Rivlin used a translator to speak with the French students, stating his happiness to meet new immigrants.  Samaria Regional Council head Yossi Dagan added, “The president came here because he loves Samaria and he loves you.”

During the school assembly, Rivlin described the rich history of Samaria and affirmed that settlements such as Peduel are as much a part of Israel as Tel Aviv.

“It [Samaria] connects the Biblical kingdom of Israel with the modern state.  Those who live here know that we will never again lend our hand to the dissolution of Jewish sovereignty,” Rivlin said.  “We did not come to Israel because we fled the Holocaust or pogroms; we came and we will continue to settle it out of happiness and joy and the understanding that this is our land.”
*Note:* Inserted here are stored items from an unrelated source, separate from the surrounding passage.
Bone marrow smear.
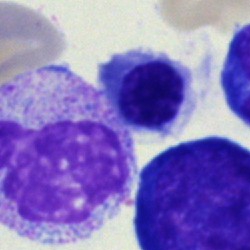Impression — nucleated red cell.
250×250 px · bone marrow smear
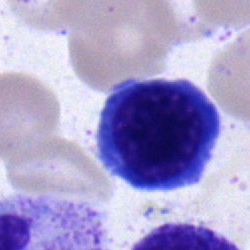
The morphological class is erythroblast.
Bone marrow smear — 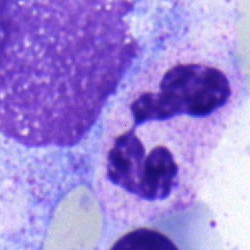

Morphological class: segmented neutrophil.
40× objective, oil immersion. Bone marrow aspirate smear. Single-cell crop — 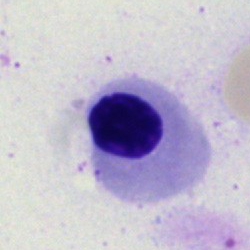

“Every stone and tree tells a story,” Rivlin added about Peduel.  “The geography, much like the archeology of Samaria, is like the photographs of a family album.  Those who live here live in the middle of a lesson in history, in Bible, in citizenship and love of the land.”  (JPost)

Districts of Israel map

Districts of Israel

During the assembly attended by several hundred students and many of their parents, the president sang along with several pupils performing the Hebrew song “Jerusalem of Gold” by Naomi Shemer.

From his seat in the front row, Rivlin sang into a microphone and, near the song’s end, took a verse solo: “Jerusalem of gold and of bronze and of light.  Behold, I am a violin for all your songs.”  (Arutz 7)

Shemer composed the well-known song while parts of Jerusalem and Judea-Samaria were under the Jordanian siege, between 1949 and 1967.  Jordan occupied and, in a largely unrecognized move, annexed the territory, naming
it the Hashemite Kingdom’s “West Bank.”

“Sometimes, people talk of the state of Tel Aviv or the state of Jerusalem, the Jewish state and the state of Israel,” Rivlin said before the assembly in the courtyard.  “Those who live here know that there is no such thing as the state of Tel Aviv or the state of Jerusalem.  There is just one country, the state of Israel.

On Monday, at the president’s residence, Rivlin spoke with a group of elected officials from Jewish settlements, emphasizing his support for residents there and affirming that settling the Land of Israel is the historical right of the Jewish People

Our right to this land is not a matter of political debate.  It is a basic fact of modern Zionism.  We must not give anyone the sense that we are in any doubt about our right to our land.  For me, the settlement of the land of Israel is an expression of that right, our historical right, our national right, stemming from a love for the land of Israel, [and] from a recognition of our roots, which come together here.”